## Your instructions
Check each line of the data below for the string "none", then state how many have it and nothing else.

## Listed entries
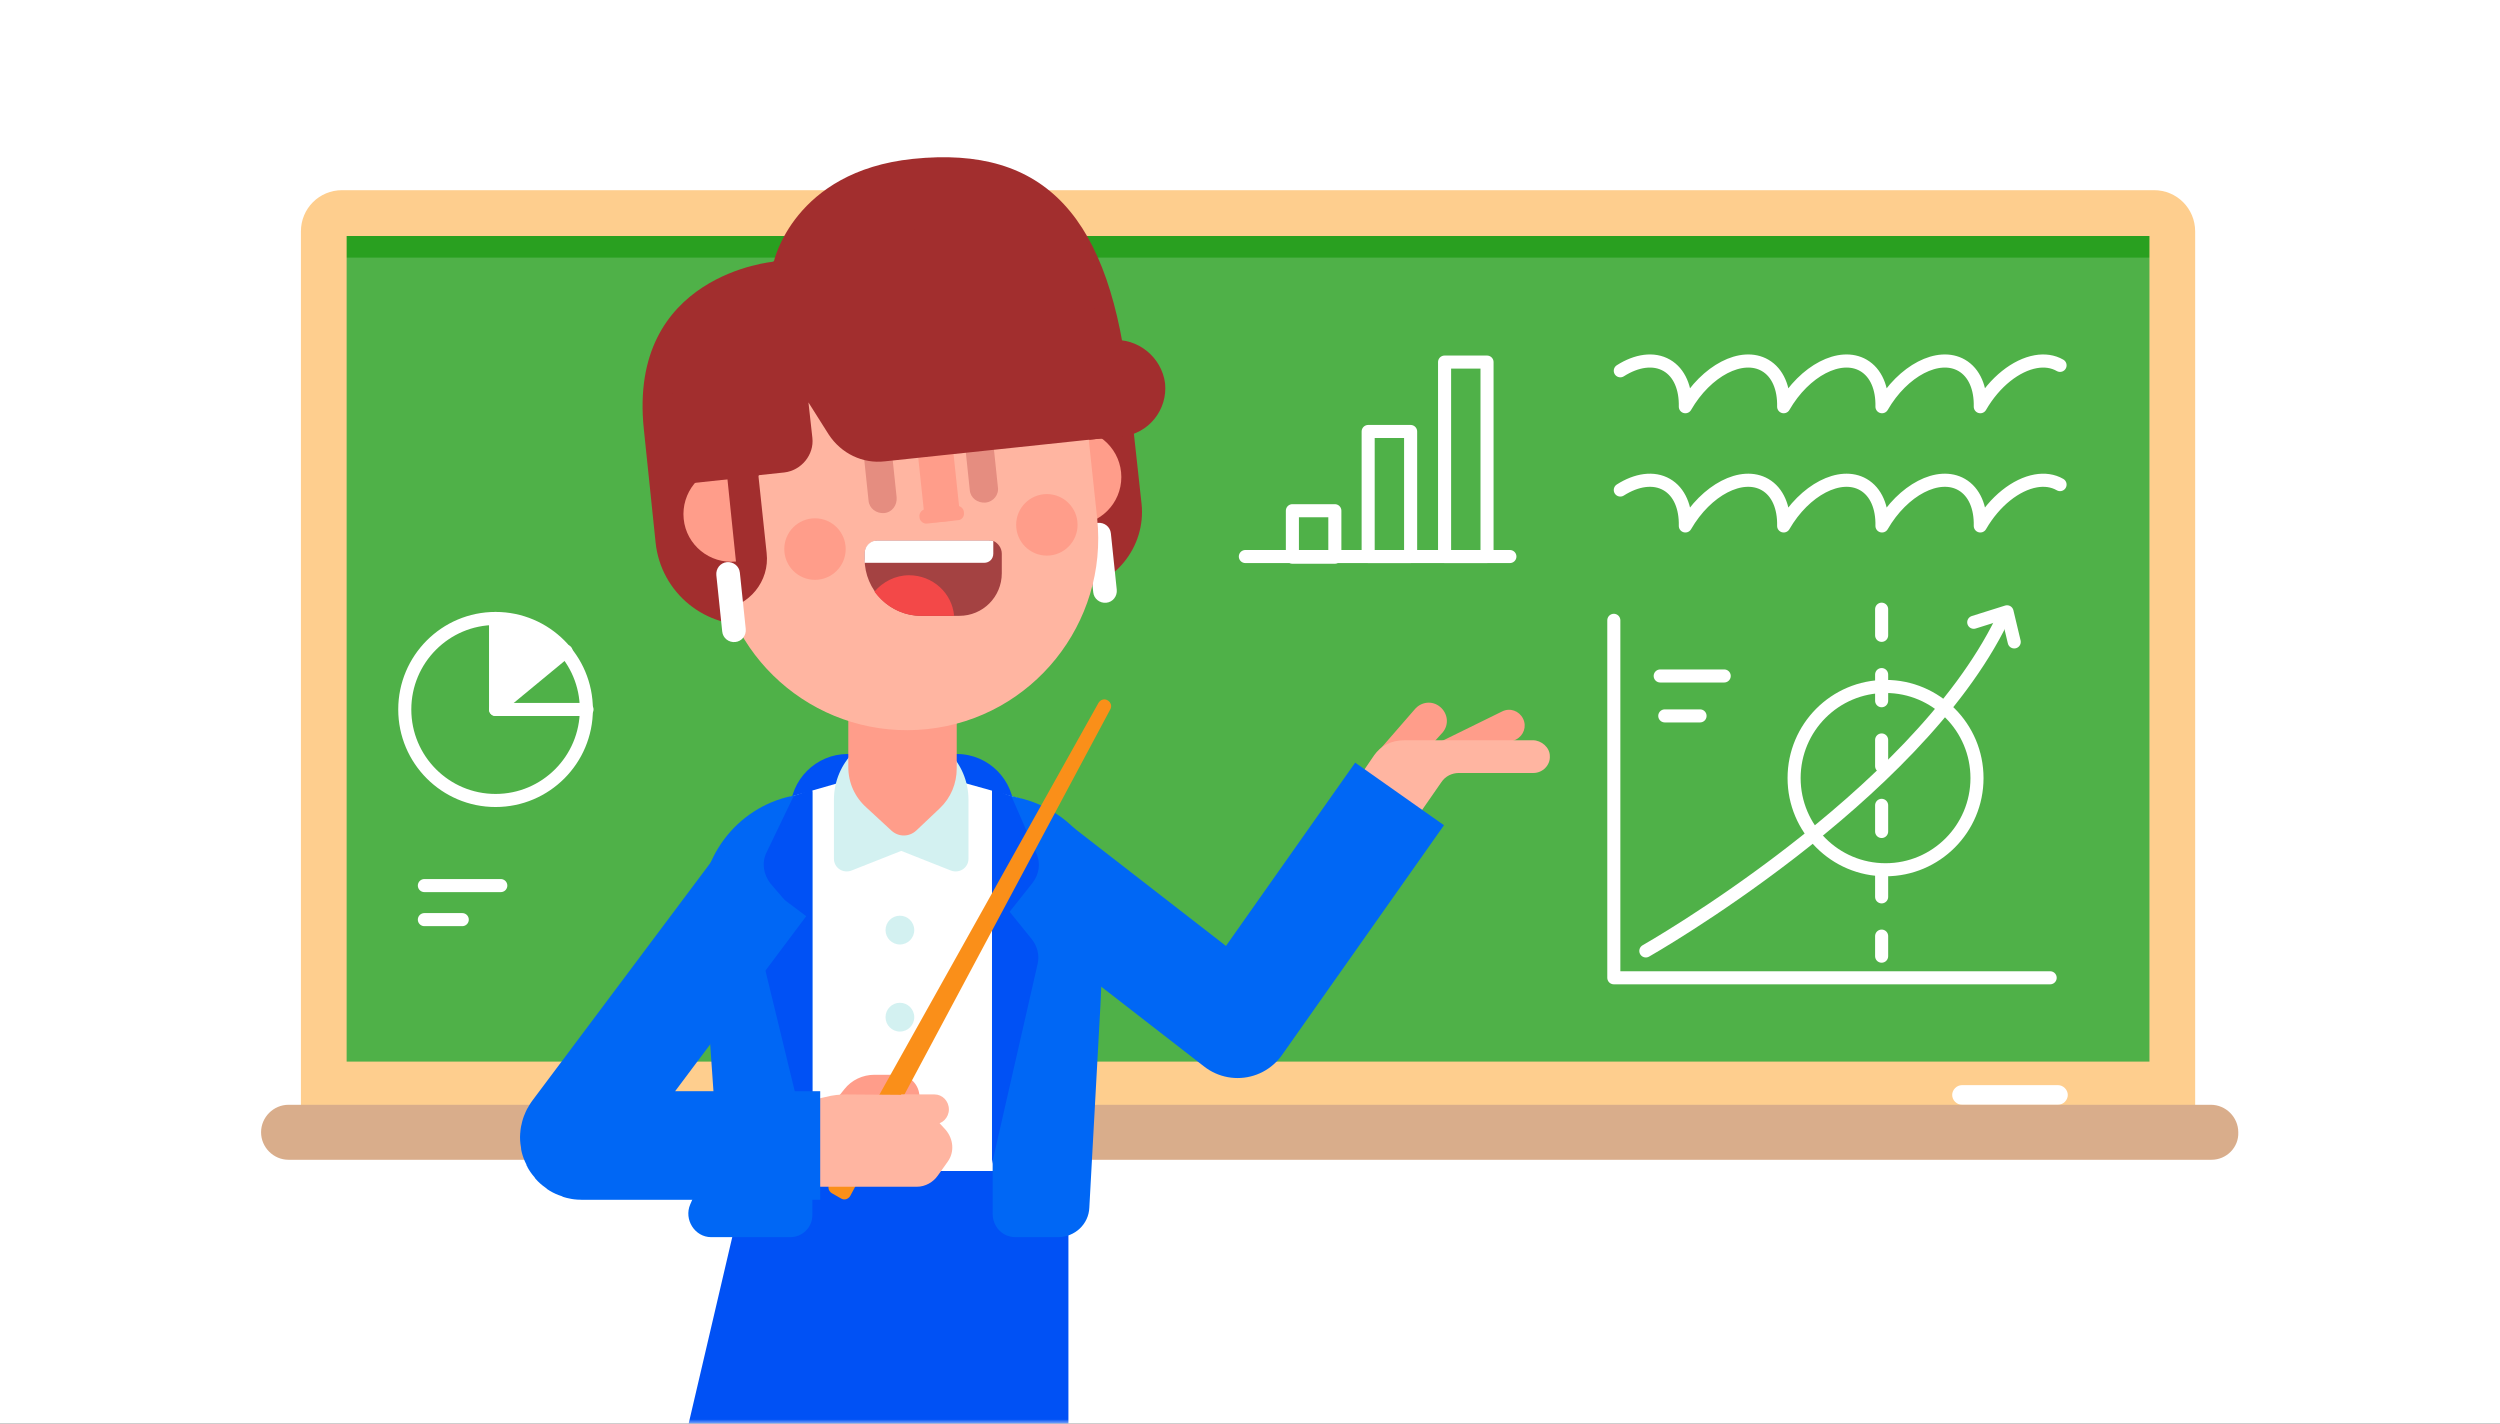 <svg xmlns="http://www.w3.org/2000/svg" xmlns:xlink="http://www.w3.org/1999/xlink" width="288" height="164" viewBox="0 0 288 164">
  <rect x="0" y="0" width="288" height="164" fill="#333333" stroke="none"/>
  <defs>
    <rect id="exp_mrs_walters-a" width="288" height="164"/>
  </defs>
  <g fill="none" fill-rule="evenodd">
    <mask id="exp_mrs_walters-b" fill="#fff">
      <use xlink:href="#exp_mrs_walters-a"/>
    </mask>
    <use fill="#FFF" xlink:href="#exp_mrs_walters-a"/>
    <g mask="url(#exp_mrs_walters-b)">
      <g transform="translate(30 18)">
        <g transform="translate(0 3.757)">
          <rect width="212.95" height="100.385" x="7.299" y="2.791" fill="#4FB148" fill-rule="nonzero"/>
          <rect width="212.95" height="5.129" x="7.299" y="2.791" fill="#29A020" fill-rule="nonzero"/>
          <path fill="#FECE8E" fill-rule="nonzero" d="M222.883,105.815 L4.665,105.815 L4.665,4.902 C4.665,2.263 6.772,0.151 9.406,0.151 L218.143,0.151 C220.776,0.151 222.883,2.263 222.883,4.902 L222.883,105.815 Z M9.933,100.536 L217.616,100.536 L217.616,5.43 L9.933,5.43 L9.933,100.536 Z"/>
          <path fill="#FFF" fill-rule="nonzero" d="M207.081,103.251 L196.02,103.251 C195.418,103.251 194.891,103.779 194.891,104.382 C194.891,104.986 195.418,105.514 196.02,105.514 L207.081,105.514 C207.683,105.514 208.21,104.986 208.21,104.382 C208.21,103.779 207.683,103.251 207.081,103.251 Z"/>
          <path fill="#D9AD8B" fill-rule="nonzero" d="M224.764,111.849 L3.236,111.849 C1.505,111.849 0.075,110.416 0.075,108.681 C0.075,106.947 1.505,105.514 3.236,105.514 L224.689,105.514 C226.42,105.514 227.85,106.947 227.85,108.681 C227.925,110.416 226.495,111.849 224.764,111.849 Z"/>
          <g stroke="#FFF" stroke-linejoin="round" stroke-width="1.506" transform="translate(155.762 48.12)">
            <polyline stroke-linecap="round" points=".15 1.584 .15 42.764 50.416 42.764"/>
            <ellipse cx="31.453" cy="19.76" rx="10.535" ry="10.559"/>
            <path stroke-linecap="round" d="M3.838,39.671 C3.838,39.671 34.84,22.098 44.848,1.584"/>
            <polyline stroke-linecap="round" points="41.612 1.81 45.45 .603 46.277 4.073"/>
            <path stroke-dasharray="3.013 4.519" stroke-linecap="round" d="M31.002,0.302 L31.002,40.275"/>
            <path stroke-linecap="round" d="M5.493 7.995L12.867 7.995M6.02 12.595L10.083 12.595"/>
          </g>
          <g stroke="#FFF" stroke-linecap="round" stroke-linejoin="round" stroke-width="1.511" transform="translate(156.222 33.224)">
            <path d="M.438 1.468C2.304.278 4.279-.029 5.789.844 7.257 1.692 7.98 3.477 7.931 5.607M7.934 5.607C10.34 1.437 14.451-.696 17.116.844 18.584 1.692 19.306 3.477 19.257 5.607M19.26 5.607C21.666 1.437 25.777-.696 28.441.844 29.909 1.692 30.632 3.477 30.583 5.607M30.586 5.607C32.992 1.437 37.103-.696 39.768.844 41.236 1.692 41.959 3.477 41.909 5.607M41.912 5.607C43.574 2.726 46.05.818 48.301.421 49.308.243 50.27.368 51.094.844"/>
          </g>
          <g stroke="#FFF" stroke-linecap="round" stroke-linejoin="round" stroke-width="1.511" transform="translate(156.222 19.488)">
            <path d="M.438 1.468C2.304.278 4.279-.029 5.789.844 7.257 1.692 7.98 3.477 7.931 5.607M7.934 5.607C10.34 1.437 14.451-.696 17.116.844 18.584 1.692 19.306 3.477 19.257 5.607M19.26 5.607C21.666 1.437 25.777-.696 28.441.844 29.909 1.692 30.632 3.477 30.583 5.607M30.586 5.607C32.992 1.437 37.103-.696 39.768.844 41.236 1.692 41.959 3.477 41.909 5.607M41.912 5.607C43.574 2.726 46.05.818 48.301.421 49.308.243 50.27.368 51.094.844"/>
          </g>
          <g stroke="#FFF" stroke-linejoin="round" stroke-width="1.506" transform="translate(113.164 19.88)">
            <rect width="4.891" height="5.355" x="5.719" y="17.196"/>
            <rect width="4.891" height="14.405" x="14.448" y="8.07"/>
            <rect width="4.891" height="22.4" x="23.251" y=".075"/>
            <path stroke-linecap="round" d="M0.301,22.475 L30.776,22.475"/>
          </g>
        </g>
        <g transform="translate(24.08)">
          <path fill="#0051F5" fill-rule="nonzero" d="M27.089,160.722 L65.089,160.722 C67.271,160.722 69.002,158.987 69.002,156.8 L69.002,116.902 L32.055,116.902 L23.026,155.518 C22.424,158.158 24.38,160.722 27.089,160.722 Z"/>
          <path fill="#ACC1D9" fill-rule="nonzero" d="M71.184,113.886 L28.519,113.886"/>
          <ellipse cx="49.889" cy="81.002" fill="#D5E0EC" fill-rule="nonzero" rx="1.655" ry="1.659"/>
          <path fill="#0051F5" fill-rule="nonzero" d="M37.022,77.985 L62.756,77.985 L62.756,75.496 C62.756,71.876 59.822,68.859 56.135,68.859 L43.568,68.859 C39.956,68.859 36.947,71.801 36.947,75.496 L36.947,77.985 L37.022,77.985 Z"/>
          <path fill="#FFF" fill-rule="nonzero" d="M29.347,84.622 L29.347,116.902 L70.356,116.902 L70.356,84.622 C70.356,79.644 67.873,75.27 63.057,73.912 L60.198,73.083 L49.663,70.141 L36.57,73.912 C31.83,75.27 29.347,79.644 29.347,84.622 Z"/>
          <path fill="#D3F1F1" fill-rule="nonzero" d="M49.739,66.37 C54.028,66.37 57.489,69.84 57.489,74.139 L57.489,80.927 C57.489,81.982 56.436,82.661 55.457,82.284 L49.739,80.022 L44.02,82.284 C43.042,82.661 41.988,81.982 41.988,80.927 L41.988,74.139 C41.988,69.84 45.45,66.37 49.739,66.37 Z"/>
          <path fill="#FF9D8A" fill-rule="nonzero" d="M45.75,75.044 L48.61,77.684 C49.438,78.438 50.642,78.438 51.469,77.684 L54.178,75.119 C55.457,73.912 56.135,72.253 56.135,70.519 L56.135,58.753 L43.644,58.753 L43.644,70.368 C43.644,72.178 44.396,73.837 45.75,75.044 Z"/>
          <path fill="#0067F5" fill-rule="nonzero" d="M60.273,121.805 L60.273,73.158 L63.885,74.063 C69.905,75.723 73.893,81.379 73.592,87.639 L72.84,94.502 L72.689,97.821 L71.41,121.126 C71.335,123.011 69.754,124.52 67.798,124.52 L62.907,124.52 C61.402,124.52 60.273,123.313 60.273,121.805 Z"/>
          <g fill-rule="nonzero" transform="translate(99.327 62.6)">
            <path fill="#FF9D8A" d="M9.782 7.09L12.792 3.771C13.545 2.866 13.394 1.584 12.491.83 11.588.075 10.309.226 9.556 1.131L5.493 5.807C5.493 5.807 6.02 6.637 6.848 7.391 7.75 8.07 9.03 7.919 9.782 7.09zM13.545 8.372L21.22 4.601C22.123 4.148 22.499 3.092 22.048 2.187 21.596 1.282 20.543.905 19.64 1.358L11.964 5.129C11.061 5.581 10.685 6.637 11.137 7.542 11.588 8.447 12.642 8.824 13.545 8.372z"/>
            <path fill="#FFB5A1" d="M23.176,4.676 L14.372,4.676 L12.717,4.676 L8.428,4.676 C6.772,4.676 5.644,5.355 4.891,6.411 L0.677,12.595 L7.299,17.196 L12.642,9.503 C13.093,8.824 13.846,8.447 14.673,8.447 L23.251,8.447 C24.305,8.447 25.208,7.542 25.133,6.486 C25.133,5.506 24.154,4.676 23.176,4.676 Z"/>
          </g>
          <polyline stroke="#0067F5" stroke-linejoin="round" stroke-width="12.515" points="64.186 81.077 88.491 99.933 107.152 73.46"/>
          <path fill="#0067F5" fill-rule="nonzero" d="M25.434,120.749 L28.519,113.584 L26.713,87.639 C26.261,81.002 30.701,75.044 37.172,73.686 L39.505,73.158 L39.505,121.956 C39.505,123.389 38.376,124.52 36.947,124.52 L27.842,124.52 C25.96,124.52 24.681,122.484 25.434,120.749 Z"/>
          <ellipse cx="49.588" cy="89.147" fill="#D3F1F1" fill-rule="nonzero" rx="1.655" ry="1.659"/>
          <ellipse cx="49.588" cy="99.178" fill="#D3F1F1" fill-rule="nonzero" rx="1.655" ry="1.659"/>
          <ellipse cx="49.588" cy="109.209" fill="#E4E7EC" fill-rule="nonzero" rx="1.655" ry="1.659"/>
          <path fill="#0051F5" fill-rule="nonzero" d="M37.323 73.762L34.238 80.172C33.636 81.379 33.861 82.737 34.689 83.793L37.473 87.036 34.689 90.203C33.937 91.033 33.711 92.089 33.937 93.145L39.505 116.073 39.505 72.857 37.323 73.762zM62.455 73.762L65.315 80.323C65.842 81.455 65.616 82.737 64.863 83.717L62.23 87.036 64.788 90.203C65.39 90.958 65.691 92.013 65.465 92.994L60.198 116.073 60.198 72.857 62.455 73.762z"/>
          <g fill-rule="nonzero" transform="translate(36.119 61.845)">
            <path fill="#FF9D8A" d="M10.535,43.97 L13.168,43.97 C14.598,43.97 15.727,45.102 15.727,46.535 L15.727,47.892 L5.267,47.892 L7.073,45.63 C7.901,44.574 9.18,43.97 10.535,43.97 Z"/>
            <path fill="#FA8F19" d="M5.644,57.622 L6.697,58.225 C7.073,58.451 7.525,58.3 7.75,57.923 L37.699,1.886 C37.925,1.508 37.774,1.056 37.398,0.83 C37.022,0.603 36.57,0.754 36.345,1.131 L5.343,56.566 C5.117,56.943 5.267,57.395 5.644,57.622 Z"/>
            <g fill="#FFB5A1" transform="translate(0 46.007)">
              <path d="M7.374,0.226 L17.006,0.302 L17.006,2.413 L18.737,4.299 C19.64,5.355 19.79,6.863 18.962,7.995 L17.834,9.578 C17.307,10.333 16.404,10.861 15.426,10.861 L6.095,10.861 L2.182,10.861 L0.376,1.508 L4.891,0.528 C5.719,0.302 6.547,0.226 7.374,0.226 Z"/>
              <path d="M17.457,3.62 L13.62,3.62 L13.62,0.226 L17.457,0.226 C18.36,0.226 19.113,0.98 19.113,1.961 C19.113,2.866 18.36,3.696 17.457,3.62 Z"/>
            </g>
          </g>
          <path stroke="#0067F5" stroke-linejoin="round" stroke-width="12.515" d="M33.786,83.793 L12.265,112.528 C11.814,113.131 12.265,113.961 12.943,113.961 L40.408,113.961"/>
          <g fill-rule="nonzero" transform="translate(19.564)">
            <path fill="#A22E2E" d="M49.739,50.079 C54.705,49.552 58.392,45.026 57.865,40.048 L56.436,27.001 C54.329,6.939 46.804,-1.282 31.529,0.302 C17.758,1.735 15.501,12.143 15.501,12.143 C15.501,12.143 -1.354,13.576 0.527,31.451 L1.881,44.498 C2.483,50.306 7.675,54.529 13.469,53.926 L49.739,50.079 Z"/>
            <ellipse cx="50.04" cy="36.956" fill="#FF9D8A" rx="5.493" ry="5.506"/>
            <path fill="#FFF" d="M53.802,51.437 C54.554,51.362 55.081,50.683 55.006,49.929 L54.329,43.442 C54.253,42.688 53.576,42.16 52.824,42.236 C52.071,42.311 51.545,42.99 51.62,43.744 L52.297,50.23 C52.372,50.985 53.05,51.512 53.802,51.437 Z"/>
            <path fill="#FFB5A1" d="M33.184,65.993 C21.069,67.275 10.234,58.527 8.954,46.384 L7.6,33.713 C6.321,21.57 15.05,10.71 27.164,9.428 C39.279,8.145 50.115,16.894 51.394,29.037 L52.749,41.708 C54.028,53.775 45.299,64.711 33.184,65.993 Z"/>
            <ellipse cx="20.242" cy="45.253" fill="#FF9D8A" rx="3.537" ry="3.545"/>
            <ellipse cx="46.954" cy="42.462" fill="#FF9D8A" rx="3.537" ry="3.545"/>
            <g fill="#FF9D8A" transform="translate(31.604 30.923)">
              <path d="M4.139,11.087 L2.634,11.238 C1.956,11.313 1.279,10.785 1.204,10.106 L0.376,2.338 C0.301,1.659 0.828,0.98 1.505,0.905 L3.01,0.754 C3.687,0.679 4.364,1.207 4.44,1.886 L5.267,9.654 C5.418,10.408 4.891,11.011 4.139,11.087 Z"/>
              <path d="M5.042,11.011 L1.58,11.389 C1.129,11.464 0.677,11.087 0.677,10.634 C0.602,10.182 0.978,9.729 1.43,9.729 L4.891,9.352 C5.343,9.277 5.794,9.654 5.794,10.106 C5.869,10.559 5.568,11.011 5.042,11.011 Z"/>
            </g>
            <path fill="#E58D80" d="M28.218 41.104C27.315 41.18 26.487 40.576 26.412 39.671L25.81 33.939C25.735 33.034 26.337 32.205 27.24 32.129 28.143 32.054 28.97 32.657 29.046 33.562L29.648 39.294C29.723 40.199 29.121 41.029 28.218 41.104zM39.881 39.898C38.978 39.973 38.15 39.37 38.075 38.465L37.473 32.733C37.398 31.828 38 30.998 38.903 30.923 39.806 30.847 40.634 31.451 40.709 32.356L41.311 38.088C41.461 38.993 40.784 39.822 39.881 39.898z"/>
            <path fill="#A22E2E" d="M43.418,11.313 C38.376,10.257 33.861,8.145 28.669,8.296 C18.586,8.447 6.17,15.838 3.687,26.473 L5.343,37.635 L16.705,36.428 C18.661,36.202 20.166,34.392 19.941,32.431 L19.489,28.358 L21.822,32.054 C23.251,34.241 25.735,35.448 28.293,35.146 L54.63,32.356 L53.275,19.232 L52.071,16.743 C49.513,15.16 46.578,11.992 43.418,11.313 Z"/>
            <path fill="#A22E2E" d="M54.404 21.193L50.642 21.57 51.846 32.657 55.608 32.28C58.693 31.978 60.875 29.188 60.574 26.171 60.198 23.154 57.414 20.892 54.404 21.193zM12.867 28.735L14.673 45.705C15.05 48.948 12.642 51.89 9.406 52.191L7.374 52.418 4.515 31.828 12.867 28.735z"/>
            <path fill="#FF9D8A" d="M10.008,35.749 C6.998,36.051 4.816,38.766 5.117,41.783 C5.418,44.8 8.127,46.987 11.137,46.686 L10.008,35.749 Z"/>
            <g transform="translate(25.584 43.744)">
              <path fill="#A44242" d="M16.178,2.036 L16.178,4.299 C16.178,7.014 13.996,9.201 11.287,9.201 L6.923,9.201 C3.311,9.201 0.376,6.26 0.376,2.64 L0.376,2.036 C0.376,1.358 0.828,0.83 1.43,0.603 C1.58,0.528 1.731,0.528 1.956,0.528 L14.749,0.528 C14.899,0.528 15.05,0.528 15.275,0.603 C15.727,0.83 16.178,1.358 16.178,2.036 Z"/>
              <path fill="#FFF" d="M0.376,2.036 L0.376,2.64 C0.376,2.791 0.376,2.941 0.376,3.092 L14.147,3.092 C14.749,3.092 15.2,2.64 15.2,2.036 L15.2,0.603 C15.05,0.528 14.899,0.528 14.673,0.528 L1.881,0.528 C1.731,0.528 1.58,0.528 1.354,0.603 C0.752,0.83 0.376,1.358 0.376,2.036 Z"/>
              <path fill="#F34848" d="M1.505,6.411 C2.709,8.07 4.665,9.201 6.848,9.201 L10.685,9.201 C10.459,6.562 8.202,4.525 5.493,4.525 C3.913,4.525 2.483,5.279 1.505,6.411 Z"/>
            </g>
            <path fill="#FFF" d="M11.061,55.962 C11.814,55.887 12.341,55.208 12.265,54.454 L11.588,47.968 C11.513,47.213 10.836,46.686 10.083,46.761 C9.331,46.836 8.804,47.515 8.879,48.269 L9.556,54.756 C9.632,55.51 10.309,56.038 11.061,55.962 Z"/>
            <rect width="9.105" height="4.299" x="4.442" y="33.037" fill="#A22E2E" transform="rotate(-6.062 8.994 35.187)"/>
          </g>
        </g>
        <g transform="translate(16.554 52.795)">
          <ellipse cx="10.535" cy="10.936" stroke="#FFF" stroke-linecap="round" stroke-linejoin="round" stroke-width="1.506" rx="10.459" ry="10.484"/>
          <polyline stroke="#FFF" stroke-linecap="round" stroke-linejoin="round" stroke-width="1.506" points="10.535 .453 10.535 10.936 18.661 4.224"/>
          <path stroke="#FFF" stroke-linecap="round" stroke-linejoin="round" stroke-width="1.506" d="M10.535,10.936 L21.069,10.936"/>
          <path fill="#FFF" fill-rule="nonzero" d="M17.457,3.696 C17.457,3.696 17.457,3.696 17.457,3.696 C17.307,3.696 17.232,3.62 17.156,3.62 C16.705,2.866 15.877,2.187 15.275,1.735 C13.996,0.905 12.566,0.528 11.061,0.603 C10.685,0.603 10.535,1.207 10.986,1.282 C10.986,1.282 11.061,1.282 11.061,1.282 C11.061,4.073 10.986,6.712 10.459,9.428 C10.384,9.654 10.61,9.805 10.836,9.729 C12.416,8.9 13.921,7.995 15.35,6.863 C16.028,6.335 17.382,5.657 17.457,4.752 C17.533,4.676 17.608,4.601 17.533,4.45 C17.533,4.45 17.533,4.374 17.533,4.374 C17.608,4.374 17.608,4.374 17.683,4.299 C18.21,4.224 17.909,3.545 17.457,3.696 Z"/>
        </g>
        <g stroke-linecap="round" stroke-linejoin="round" transform="translate(18.812 83.717)">
          <path stroke="#FFF" stroke-width="1.506" d="M.075.302L8.879.302M.075 4.224L4.44 4.224"/>
        </g>
      </g>
    </g>
  </g>
</svg>

## Solution below
2